We used to have to document on our time input what we are doing by the hour. We don’t bill clients or anything. There was another department that did it in 15 minute blocks which is entirely insane (that boss is gone).

This is very, very difficult in my/our jobs as we jump around between things. It’s very dynamic. With days of smooth sailing and then a storm comes along. This documentation was a guesstimate at best. But usually just BS. It. Did. Not. Matter.

Along came a new boss and said ‘F that shit’. Your supervisor should have a clue of what you’re doing or is not doing their job. “I don’t need those numbers, we are wasting your time and my time. Do your job”. - Excellent.
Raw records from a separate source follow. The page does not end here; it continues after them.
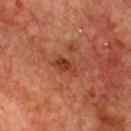workup = total-body-photography surveillance lesion; no biopsy
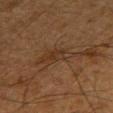{
  "biopsy_status": "not biopsied; imaged during a skin examination",
  "site": "chest",
  "patient": {
    "sex": "male",
    "age_approx": 65
  },
  "lesion_size": {
    "long_diameter_mm_approx": 5.0
  },
  "automated_metrics": {
    "area_mm2_approx": 8.0,
    "eccentricity": 0.85,
    "vs_skin_darker_L": 5.0,
    "vs_skin_contrast_norm": 5.0,
    "border_irregularity_0_10": 4.5,
    "color_variation_0_10": 3.0,
    "peripheral_color_asymmetry": 1.0
  },
  "lighting": "cross-polarized",
  "image": {
    "source": "total-body photography crop",
    "field_of_view_mm": 15
  }
}
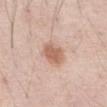Case summary:
- workup · no biopsy performed (imaged during a skin exam)
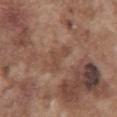biopsy status: no biopsy performed (imaged during a skin exam) | automated metrics: an area of roughly 4.5 mm², an eccentricity of roughly 0.9, and a shape-asymmetry score of about 0.6 (0 = symmetric); a lesion color around L≈46 a*≈19 b*≈27 in CIELAB, roughly 7 lightness units darker than nearby skin, and a normalized lesion–skin contrast near 5.5; an automated nevus-likeness rating near 0 out of 100 and a lesion-detection confidence of about 100/100 | diameter: ≈3.5 mm | imaging modality: ~15 mm tile from a whole-body skin photo | body site: the front of the torso | subject: male, in their mid- to late 70s | illumination: white-light illumination.
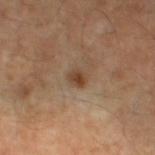Impression:
Imaged during a routine full-body skin examination; the lesion was not biopsied and no histopathology is available.
Acquisition and patient details:
Imaged with cross-polarized lighting. Located on the left thigh. An algorithmic analysis of the crop reported a border-irregularity index near 1.5/10, a color-variation rating of about 3.5/10, and peripheral color asymmetry of about 1. A close-up tile cropped from a whole-body skin photograph, about 15 mm across. Approximately 2 mm at its widest. The subject is a male aged approximately 55.
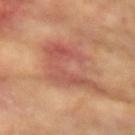Captured during whole-body skin photography for melanoma surveillance; the lesion was not biopsied.
A 15 mm close-up tile from a total-body photography series done for melanoma screening.
A female patient, roughly 75 years of age.
The lesion is on the right upper arm.
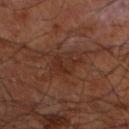Assessment: Captured during whole-body skin photography for melanoma surveillance; the lesion was not biopsied. Image and clinical context: Measured at roughly 3.5 mm in maximum diameter. An algorithmic analysis of the crop reported a lesion color around L≈28 a*≈20 b*≈25 in CIELAB, roughly 5 lightness units darker than nearby skin, and a lesion-to-skin contrast of about 5.5 (normalized; higher = more distinct). Captured under cross-polarized illumination. A lesion tile, about 15 mm wide, cut from a 3D total-body photograph. The subject is a male aged approximately 60. From the leg.
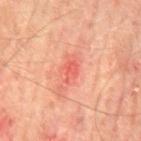Q: Was this lesion biopsied?
A: total-body-photography surveillance lesion; no biopsy
Q: Patient demographics?
A: male, about 65 years old
Q: What is the anatomic site?
A: the mid back
Q: How was this image acquired?
A: total-body-photography crop, ~15 mm field of view
Q: Illumination type?
A: cross-polarized
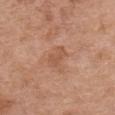biopsy status: imaged on a skin check; not biopsied
imaging modality: total-body-photography crop, ~15 mm field of view
subject: female, approximately 65 years of age
image-analysis metrics: a lesion area of about 3.5 mm², an outline eccentricity of about 0.85 (0 = round, 1 = elongated), and a shape-asymmetry score of about 0.45 (0 = symmetric)
lesion size: ~3 mm (longest diameter)
location: the chest
illumination: white-light illumination
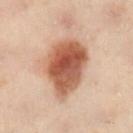Q: What are the patient's age and sex?
A: female, about 60 years old
Q: How was this image acquired?
A: total-body-photography crop, ~15 mm field of view
Q: How was the tile lit?
A: cross-polarized illumination
Q: What is the lesion's diameter?
A: ≈6.5 mm
Q: What is the anatomic site?
A: the left leg
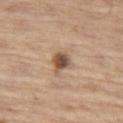Impression: Recorded during total-body skin imaging; not selected for excision or biopsy. Context: Located on the left thigh. A male subject about 70 years old. The tile uses white-light illumination. Measured at roughly 2.5 mm in maximum diameter. Automated image analysis of the tile measured an area of roughly 5 mm², a shape eccentricity near 0.4, and a shape-asymmetry score of about 0.25 (0 = symmetric). It also reported an average lesion color of about L≈52 a*≈17 b*≈30 (CIELAB), about 14 CIELAB-L* units darker than the surrounding skin, and a normalized border contrast of about 9.5. It also reported a border-irregularity index near 2.5/10, a within-lesion color-variation index near 6/10, and radial color variation of about 2. The software also gave an automated nevus-likeness rating near 90 out of 100. A roughly 15 mm field-of-view crop from a total-body skin photograph.
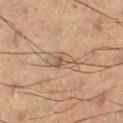Findings:
- follow-up: no biopsy performed (imaged during a skin exam)
- size: ≈4 mm
- site: the right lower leg
- lighting: cross-polarized illumination
- image source: 15 mm crop, total-body photography
- patient: male, approximately 55 years of age
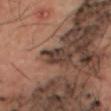Q: Automated lesion metrics?
A: internal color variation of about 2 on a 0–10 scale
Q: Where on the body is the lesion?
A: the right thigh
Q: How large is the lesion?
A: ≈2.5 mm
Q: Illumination type?
A: cross-polarized illumination
Q: Who is the patient?
A: male, aged 63–67
Q: What is the imaging modality?
A: total-body-photography crop, ~15 mm field of view
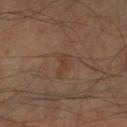Impression:
No biopsy was performed on this lesion — it was imaged during a full skin examination and was not determined to be concerning.
Context:
The lesion's longest dimension is about 2.5 mm. Automated image analysis of the tile measured border irregularity of about 4.5 on a 0–10 scale and a color-variation rating of about 1/10. And it measured a lesion-detection confidence of about 100/100. Cropped from a total-body skin-imaging series; the visible field is about 15 mm. A male patient aged approximately 70. Imaged with cross-polarized lighting. On the right forearm.
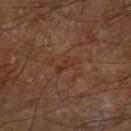Q: Is there a histopathology result?
A: imaged on a skin check; not biopsied
Q: Patient demographics?
A: male, about 70 years old
Q: What is the anatomic site?
A: the left forearm
Q: How was this image acquired?
A: ~15 mm tile from a whole-body skin photo
Q: What did automated image analysis measure?
A: an area of roughly 3 mm², a shape eccentricity near 0.9, and a symmetry-axis asymmetry near 0.35; an average lesion color of about L≈31 a*≈19 b*≈27 (CIELAB), roughly 5 lightness units darker than nearby skin, and a lesion-to-skin contrast of about 5 (normalized; higher = more distinct); a border-irregularity index near 4/10 and a color-variation rating of about 0/10; an automated nevus-likeness rating near 0 out of 100 and a lesion-detection confidence of about 95/100
Q: Illumination type?
A: cross-polarized
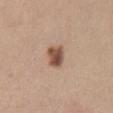{
  "biopsy_status": "not biopsied; imaged during a skin examination",
  "lesion_size": {
    "long_diameter_mm_approx": 3.0
  },
  "image": {
    "source": "total-body photography crop",
    "field_of_view_mm": 15
  },
  "patient": {
    "sex": "female",
    "age_approx": 40
  },
  "lighting": "white-light",
  "site": "mid back"
}
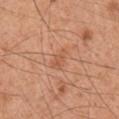subject = male, approximately 60 years of age
lighting = white-light
location = the right upper arm
acquisition = ~15 mm tile from a whole-body skin photo
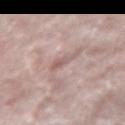Located on the right forearm. Captured under white-light illumination. A female subject approximately 50 years of age. Measured at roughly 3 mm in maximum diameter. Cropped from a whole-body photographic skin survey; the tile spans about 15 mm.
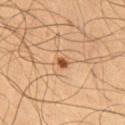A male patient about 65 years old. This is a cross-polarized tile. From the front of the torso. A roughly 15 mm field-of-view crop from a total-body skin photograph.
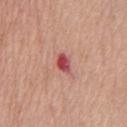workup: no biopsy performed (imaged during a skin exam); lesion diameter: ≈2.5 mm; site: the chest; patient: female, in their mid-60s; image source: 15 mm crop, total-body photography.
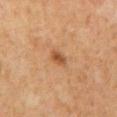Clinical impression: The lesion was photographed on a routine skin check and not biopsied; there is no pathology result. Context: This is a cross-polarized tile. An algorithmic analysis of the crop reported a footprint of about 3.5 mm², an outline eccentricity of about 0.7 (0 = round, 1 = elongated), and a symmetry-axis asymmetry near 0.25. Approximately 2.5 mm at its widest. A 15 mm close-up extracted from a 3D total-body photography capture. A male subject aged 58 to 62. The lesion is on the back.
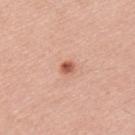Assessment:
Recorded during total-body skin imaging; not selected for excision or biopsy.
Acquisition and patient details:
The lesion is located on the upper back. A male subject about 30 years old. A 15 mm close-up tile from a total-body photography series done for melanoma screening.
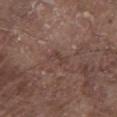Q: Was this lesion biopsied?
A: imaged on a skin check; not biopsied
Q: Who is the patient?
A: male, aged 78 to 82
Q: Lesion location?
A: the chest
Q: How was this image acquired?
A: total-body-photography crop, ~15 mm field of view
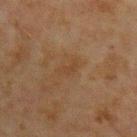| field | value |
|---|---|
| biopsy status | catalogued during a skin exam; not biopsied |
| image | ~15 mm crop, total-body skin-cancer survey |
| anatomic site | the chest |
| size | about 3 mm |
| patient | male, aged approximately 65 |
| tile lighting | cross-polarized |
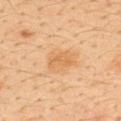| key | value |
|---|---|
| biopsy status | imaged on a skin check; not biopsied |
| acquisition | 15 mm crop, total-body photography |
| tile lighting | cross-polarized |
| patient | male, roughly 35 years of age |
| location | the upper back |
| size | ≈3 mm |
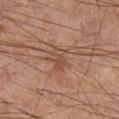<tbp_lesion>
<biopsy_status>not biopsied; imaged during a skin examination</biopsy_status>
<image>
  <source>total-body photography crop</source>
  <field_of_view_mm>15</field_of_view_mm>
</image>
<patient>
  <sex>male</sex>
  <age_approx>60</age_approx>
</patient>
<lesion_size>
  <long_diameter_mm_approx>3.5</long_diameter_mm_approx>
</lesion_size>
<site>left leg</site>
</tbp_lesion>
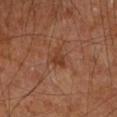Clinical impression: Captured during whole-body skin photography for melanoma surveillance; the lesion was not biopsied. Image and clinical context: The lesion is on the left forearm. The total-body-photography lesion software estimated a footprint of about 3.5 mm², an eccentricity of roughly 0.65, and a symmetry-axis asymmetry near 0.5. And it measured a lesion color around L≈37 a*≈23 b*≈31 in CIELAB, about 7 CIELAB-L* units darker than the surrounding skin, and a normalized border contrast of about 6.5. The software also gave a border-irregularity index near 4.5/10 and peripheral color asymmetry of about 0.5. And it measured a classifier nevus-likeness of about 0/100 and a detector confidence of about 100 out of 100 that the crop contains a lesion. The lesion's longest dimension is about 2.5 mm. Captured under cross-polarized illumination. The subject is a male roughly 85 years of age or older. A 15 mm close-up extracted from a 3D total-body photography capture.
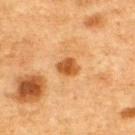notes = total-body-photography surveillance lesion; no biopsy
anatomic site = the upper back
subject = male, approximately 75 years of age
image = 15 mm crop, total-body photography
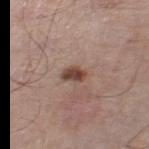notes = total-body-photography surveillance lesion; no biopsy
lighting = white-light illumination
diameter = about 2.5 mm
image = ~15 mm crop, total-body skin-cancer survey
subject = male, about 70 years old
site = the right thigh
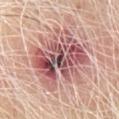Findings:
- follow-up: imaged on a skin check; not biopsied
- image-analysis metrics: an area of roughly 40 mm², an outline eccentricity of about 0.65 (0 = round, 1 = elongated), and a symmetry-axis asymmetry near 0.25
- image: ~15 mm tile from a whole-body skin photo
- patient: male, aged 63–67
- size: ≈9 mm
- site: the left upper arm
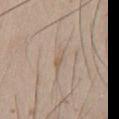Imaged during a routine full-body skin examination; the lesion was not biopsied and no histopathology is available.
Automated tile analysis of the lesion measured a lesion area of about 3 mm², an outline eccentricity of about 0.9 (0 = round, 1 = elongated), and two-axis asymmetry of about 0.25. It also reported a lesion color around L≈59 a*≈13 b*≈28 in CIELAB and a normalized border contrast of about 5.
A male patient, roughly 45 years of age.
From the chest.
Longest diameter approximately 3 mm.
Imaged with white-light lighting.
A 15 mm close-up extracted from a 3D total-body photography capture.
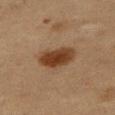Context:
A lesion tile, about 15 mm wide, cut from a 3D total-body photograph. A female patient roughly 40 years of age. On the right thigh.
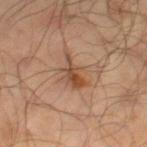Q: Is there a histopathology result?
A: catalogued during a skin exam; not biopsied
Q: Lesion location?
A: the right lower leg
Q: What kind of image is this?
A: ~15 mm tile from a whole-body skin photo
Q: What is the lesion's diameter?
A: ≈4.5 mm
Q: What are the patient's age and sex?
A: male, approximately 65 years of age
Q: What did automated image analysis measure?
A: an area of roughly 7.5 mm², a shape eccentricity near 0.8, and a symmetry-axis asymmetry near 0.4; peripheral color asymmetry of about 1.5; an automated nevus-likeness rating near 70 out of 100 and a lesion-detection confidence of about 100/100
Q: Illumination type?
A: cross-polarized
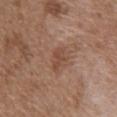The lesion is on the abdomen.
A 15 mm close-up extracted from a 3D total-body photography capture.
A male subject, approximately 75 years of age.
Measured at roughly 3 mm in maximum diameter.
This is a white-light tile.

Ooh I still have timesheet PTSD from two jobs ago (apparently it got better, but back then there was a micromanaging asshole director who insisted). It took me a good half hour to fill mine in every week since I was in a senior position and heavily solicited, so I worked on many projects and programs per day. It was such a stressful thing.

My current job is nominally better, at least the process is easier, but I honestly just give rough approximations. I’m just not able to track what I do all day long, I’m busy doing it.

I’ve avoided management roles because they seem so soul sucking. Technical all the way, please, but omg get a database!

If that were my situation, I’d be fucked. I get a very long leash because I have a nine year history at this agency of getting shit done. I work mostly remotely, and come in for funder meetings or whenever I feel like it. As long as I meet my deadlines, they don’t care how many hours I work. I recognize how privileged I am.

We recently started using an HR software that tracks employee goals in a system but it’s not hourly, it’s more like, “Did you get this thing done you said you would do last week? Okay, cool.”

I thrive with autonomy, I just couldn’t work in a micromanaged setting. Every time I’ve tried I end up quitting.